Monday 20th May 2019
It’s only going to get better & better …
……with Split Velocity.
Don’t be overwhelmed. No matter what issues or problems your country is going through, you should not have sleepless nights. There is simply no economic problem, in any country today, that cannot be resolved comprehensively by the power of an economy run on a Split Velocity model.
Why does it get better and better?
It gets better when businesses, be it mining agriculture, manufacturing retail, regardless of how large or small, are able to function in an economy with an efficient circular flow of income (CFI) or operating system. When this happens they begin to operate in the best business environment that can possibly be created because losses caused by inefficiencies in the CFI are corrected. These businesses can now be run profitably with relative ease. Historically economies go through booms and busts, however, when a central bank introduces a Split Velocity system an economic boom becomes the natural position in terms of economic performance which henceforth should have sustained double digit growth. Businesses therefore thrive, productivity and output rise while unemployment is brought to an end.
When banks lend money they generally back this money with the rate of economic growth. In the past they used to back this money against gold until the gold standard was dropped. However, when the rate of economic growth fails to increase at the same pace as loans what inevitably happens is that the debt burden in the economy becomes too heavy to the extent that it cannot be amortized, that is, paid back and consequently an economy slides into recession. We saw this with the sub-prime mortgages in the United States. The risk of issuing or creating money through commercial banks giving out loans is that should slow growth or the rate of economic growth be unable to keep up, the economy naturally slides into recession.
The Solution: The solution is having the rate of growth guaranteed by a central bank applying Split Velocity, which is basically advanced monetary policy applied at the structural level of the economy. A Split Velocity system allows a central bank to back or guarantee economic growth by 100% or more in any given year. This means that whenever commercial banks issue loans the risk of default is now almost negligible; therefore, the risk of recession is almost completely removed from any economy. This is why we say a Split Velocity system is more powerful and more durable than a Gold Standard when it comes to protecting wealth.
When commercial banks issue loans today they do so in an environment in which conventional monetary policy applied by central banks is topical rather than structural and therefore limited in its capacity to ensure financial system stability. For instance, when interest rates on borrowing are high (25%-40%) commercial banks can make a profit but demand for loans will be low. When interest rates are too low and fall to 0% (as we see in the United States and the European Union) commercial banks can lend copious amounts of money because its cheap, but their profits will be low. Furthermore, interest on deposits will tend to be very low due the lack of profitability from issuing loans in both scenarios. Consequently, the public will feel placing their money in banks erodes rather than increases its value and their wealth. They will look for other ways of preserving their wealth other than savings and this will hurt commercial banks.
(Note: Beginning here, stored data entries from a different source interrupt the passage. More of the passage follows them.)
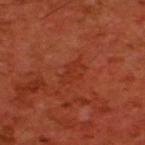This lesion was catalogued during total-body skin photography and was not selected for biopsy.
Automated tile analysis of the lesion measured a lesion color around L≈32 a*≈31 b*≈34 in CIELAB, roughly 4 lightness units darker than nearby skin, and a normalized border contrast of about 4.5. And it measured a classifier nevus-likeness of about 0/100 and lesion-presence confidence of about 100/100.
Located on the upper back.
A male subject approximately 60 years of age.
This image is a 15 mm lesion crop taken from a total-body photograph.
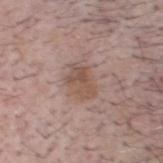| key | value |
|---|---|
| image-analysis metrics | a symmetry-axis asymmetry near 0.25; a border-irregularity rating of about 2.5/10, internal color variation of about 4.5 on a 0–10 scale, and radial color variation of about 1.5; a nevus-likeness score of about 20/100 and a detector confidence of about 100 out of 100 that the crop contains a lesion |
| subject | male, about 60 years old |
| site | the head or neck |
| image source | ~15 mm crop, total-body skin-cancer survey |
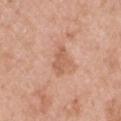<case>
  <biopsy_status>not biopsied; imaged during a skin examination</biopsy_status>
  <automated_metrics>
    <area_mm2_approx>5.0</area_mm2_approx>
    <eccentricity>0.75</eccentricity>
    <shape_asymmetry>0.35</shape_asymmetry>
    <vs_skin_darker_L>8.0</vs_skin_darker_L>
    <nevus_likeness_0_100>0</nevus_likeness_0_100>
    <lesion_detection_confidence_0_100>100</lesion_detection_confidence_0_100>
  </automated_metrics>
  <image>
    <source>total-body photography crop</source>
    <field_of_view_mm>15</field_of_view_mm>
  </image>
  <lesion_size>
    <long_diameter_mm_approx>3.5</long_diameter_mm_approx>
  </lesion_size>
  <lighting>white-light</lighting>
  <site>left upper arm</site>
  <patient>
    <sex>male</sex>
    <age_approx>50</age_approx>
  </patient>
</case>
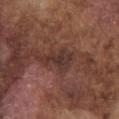The lesion was photographed on a routine skin check and not biopsied; there is no pathology result. The lesion is on the chest. Automated tile analysis of the lesion measured an area of roughly 5.5 mm², an eccentricity of roughly 0.8, and a shape-asymmetry score of about 0.55 (0 = symmetric). It also reported an average lesion color of about L≈33 a*≈19 b*≈21 (CIELAB), about 8 CIELAB-L* units darker than the surrounding skin, and a lesion-to-skin contrast of about 8.5 (normalized; higher = more distinct). The analysis additionally found a border-irregularity rating of about 6/10, a color-variation rating of about 2.5/10, and a peripheral color-asymmetry measure near 1. About 3.5 mm across. This image is a 15 mm lesion crop taken from a total-body photograph. The patient is a male about 75 years old. Imaged with white-light lighting.
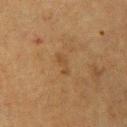workup: no biopsy performed (imaged during a skin exam) | image source: ~15 mm crop, total-body skin-cancer survey | site: the left upper arm | size: ~2.5 mm (longest diameter) | patient: female, in their mid- to late 50s | lighting: cross-polarized illumination.
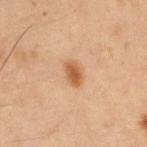Findings:
- biopsy status — total-body-photography surveillance lesion; no biopsy
- location — the right upper arm
- subject — male, aged 48 to 52
- imaging modality — ~15 mm crop, total-body skin-cancer survey
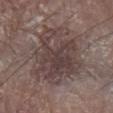<tbp_lesion>
<biopsy_status>not biopsied; imaged during a skin examination</biopsy_status>
<patient>
  <sex>male</sex>
  <age_approx>80</age_approx>
</patient>
<image>
  <source>total-body photography crop</source>
  <field_of_view_mm>15</field_of_view_mm>
</image>
<site>arm</site>
<automated_metrics>
  <cielab_L>41</cielab_L>
  <cielab_a>14</cielab_a>
  <cielab_b>17</cielab_b>
  <vs_skin_darker_L>9.0</vs_skin_darker_L>
  <vs_skin_contrast_norm>7.5</vs_skin_contrast_norm>
</automated_metrics>
<lesion_size>
  <long_diameter_mm_approx>9.0</long_diameter_mm_approx>
</lesion_size>
</tbp_lesion>
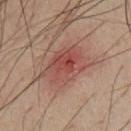workup: imaged on a skin check; not biopsied | illumination: cross-polarized illumination | TBP lesion metrics: an area of roughly 17 mm², a shape eccentricity near 0.75, and a symmetry-axis asymmetry near 0.2; a mean CIELAB color near L≈42 a*≈22 b*≈23 and a normalized lesion–skin contrast near 7; a color-variation rating of about 6.5/10 and radial color variation of about 2.5; an automated nevus-likeness rating near 15 out of 100 | subject: male, aged 48–52 | imaging modality: ~15 mm tile from a whole-body skin photo | location: the front of the torso | size: about 6 mm.
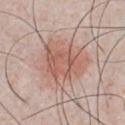This lesion was catalogued during total-body skin photography and was not selected for biopsy. The recorded lesion diameter is about 5.5 mm. The tile uses white-light illumination. A 15 mm close-up tile from a total-body photography series done for melanoma screening. From the chest. Automated image analysis of the tile measured a lesion area of about 19 mm², a shape eccentricity near 0.55, and a shape-asymmetry score of about 0.35 (0 = symmetric). The software also gave a border-irregularity rating of about 4.5/10, internal color variation of about 4.5 on a 0–10 scale, and radial color variation of about 1.5. The analysis additionally found a nevus-likeness score of about 90/100 and a detector confidence of about 100 out of 100 that the crop contains a lesion. The subject is a male aged approximately 25.
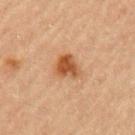The lesion is on the left upper arm.
This image is a 15 mm lesion crop taken from a total-body photograph.
Measured at roughly 3 mm in maximum diameter.
Automated image analysis of the tile measured internal color variation of about 3 on a 0–10 scale and a peripheral color-asymmetry measure near 1.
This is a cross-polarized tile.
The patient is a female in their mid- to late 60s.
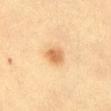Q: Was a biopsy performed?
A: imaged on a skin check; not biopsied
Q: What is the anatomic site?
A: the abdomen
Q: What is the imaging modality?
A: 15 mm crop, total-body photography
Q: What lighting was used for the tile?
A: cross-polarized
Q: How large is the lesion?
A: ≈2.5 mm
Q: Who is the patient?
A: female, approximately 55 years of age
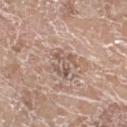The lesion was photographed on a routine skin check and not biopsied; there is no pathology result.
About 3 mm across.
The tile uses white-light illumination.
A 15 mm close-up tile from a total-body photography series done for melanoma screening.
The lesion is on the left lower leg.
A female patient aged around 75.
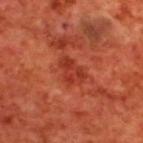* subject: male, about 70 years old
* imaging modality: total-body-photography crop, ~15 mm field of view
* lesion size: about 3.5 mm
* site: the upper back
* automated lesion analysis: an automated nevus-likeness rating near 0 out of 100 and a lesion-detection confidence of about 100/100
* lighting: cross-polarized illumination
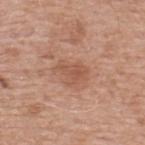Q: Was this lesion biopsied?
A: catalogued during a skin exam; not biopsied
Q: Automated lesion metrics?
A: an area of roughly 7 mm², an outline eccentricity of about 0.75 (0 = round, 1 = elongated), and a symmetry-axis asymmetry near 0.45; a border-irregularity rating of about 4.5/10, a within-lesion color-variation index near 2.5/10, and a peripheral color-asymmetry measure near 1
Q: How was the tile lit?
A: white-light illumination
Q: Where on the body is the lesion?
A: the upper back
Q: What are the patient's age and sex?
A: male, approximately 55 years of age
Q: What is the lesion's diameter?
A: ~4 mm (longest diameter)
Q: How was this image acquired?
A: ~15 mm crop, total-body skin-cancer survey
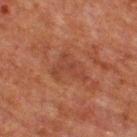biopsy_status: not biopsied; imaged during a skin examination
lesion_size:
  long_diameter_mm_approx: 4.5
image:
  source: total-body photography crop
  field_of_view_mm: 15
automated_metrics:
  border_irregularity_0_10: 6.5
  nevus_likeness_0_100: 0
  lesion_detection_confidence_0_100: 100
lighting: cross-polarized
patient:
  sex: male
  age_approx: 60
site: back
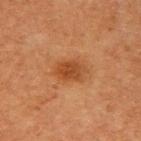The lesion was photographed on a routine skin check and not biopsied; there is no pathology result. A 15 mm close-up tile from a total-body photography series done for melanoma screening. On the right upper arm. Measured at roughly 4 mm in maximum diameter. A male patient about 75 years old.
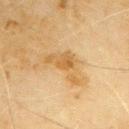No biopsy was performed on this lesion — it was imaged during a full skin examination and was not determined to be concerning.
Located on the arm.
The patient is a male aged approximately 70.
A roughly 15 mm field-of-view crop from a total-body skin photograph.
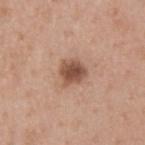Part of a total-body skin-imaging series; this lesion was reviewed on a skin check and was not flagged for biopsy. The subject is a male about 40 years old. A 15 mm close-up tile from a total-body photography series done for melanoma screening. From the upper back. Approximately 3 mm at its widest. This is a white-light tile.
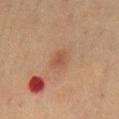Clinical impression: Part of a total-body skin-imaging series; this lesion was reviewed on a skin check and was not flagged for biopsy. Acquisition and patient details: The tile uses cross-polarized illumination. On the back. A region of skin cropped from a whole-body photographic capture, roughly 15 mm wide. The recorded lesion diameter is about 2.5 mm. A male patient roughly 70 years of age.
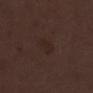| key | value |
|---|---|
| biopsy status | catalogued during a skin exam; not biopsied |
| imaging modality | ~15 mm crop, total-body skin-cancer survey |
| site | the left lower leg |
| patient | female, about 50 years old |
| illumination | white-light |
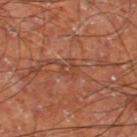Assessment:
No biopsy was performed on this lesion — it was imaged during a full skin examination and was not determined to be concerning.
Image and clinical context:
A region of skin cropped from a whole-body photographic capture, roughly 15 mm wide. The lesion is on the left thigh. A male subject approximately 60 years of age.
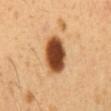No biopsy was performed on this lesion — it was imaged during a full skin examination and was not determined to be concerning. Cropped from a total-body skin-imaging series; the visible field is about 15 mm. Approximately 5 mm at its widest. Located on the abdomen. An algorithmic analysis of the crop reported an outline eccentricity of about 0.8 (0 = round, 1 = elongated) and a symmetry-axis asymmetry near 0.1. And it measured about 24 CIELAB-L* units darker than the surrounding skin and a normalized border contrast of about 15.5. And it measured a border-irregularity rating of about 1/10, internal color variation of about 6.5 on a 0–10 scale, and peripheral color asymmetry of about 1.5. And it measured an automated nevus-likeness rating near 100 out of 100 and a detector confidence of about 100 out of 100 that the crop contains a lesion. A male subject, approximately 50 years of age. Captured under cross-polarized illumination.
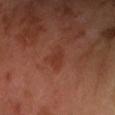Notes:
* workup — no biopsy performed (imaged during a skin exam)
* patient — male, in their mid-60s
* image source — ~15 mm crop, total-body skin-cancer survey
* lesion diameter — about 2.5 mm
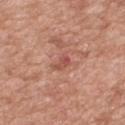A 15 mm close-up extracted from a 3D total-body photography capture.
From the mid back.
Captured under white-light illumination.
A male patient about 50 years old.
Approximately 2.5 mm at its widest.

The Solution: The Solution is to use Split Velocity to allow a low rate of interest on loans (0%) and a high (ROCr) return on loans (100%) without a debt burden. Since loaning money now becomes very profitable and low risk commercial banks can now offer more lucrative interest rates on deposits. For instance with returns being as high as 100% commercial banks could offer depositors interest rates as high as 15% or more whether these are long term or short term deposits. This encourages pensioners and other people or institutions with idle money to keep it with banks as deposits, since their wealth is now protected. Confidence and value are restored to the economy and the general public will be more eager to bank their money.
Income inequality will generally arise from the fact that when loans are issued they will follow a low risk profile – which is of course common sense. They will not follow great business ideas, public need and so on if the risks are high. Therefore, money, assets or status attracts money in the form of credit worthiness. The problem that arises is good business proposals go unfunded, the rich get richer because they are generally more bankable and there is generally not enough value to go around. This position significantly weakens an economy.
The Solution: The Solution is to use Split Velocity to guarantee economic growth and consequently guarantee amortization. Split Velocity does not discriminate, it follows transactions. Whether it is a person selling vegetables in a market or beans in a stall that transaction is backed by Split Velocity. What this does is generate more wealth to go around in the economy without discrimination. What this does in turn is restore the capacity to have loans issued by banks guaranteed by economic growth eventually allowing what was only available to the 1% to now become available to 99%. This spells the end of income inequality, at least as it is understood in economics today.
At this point an economy begins to function normally and no one is left behind.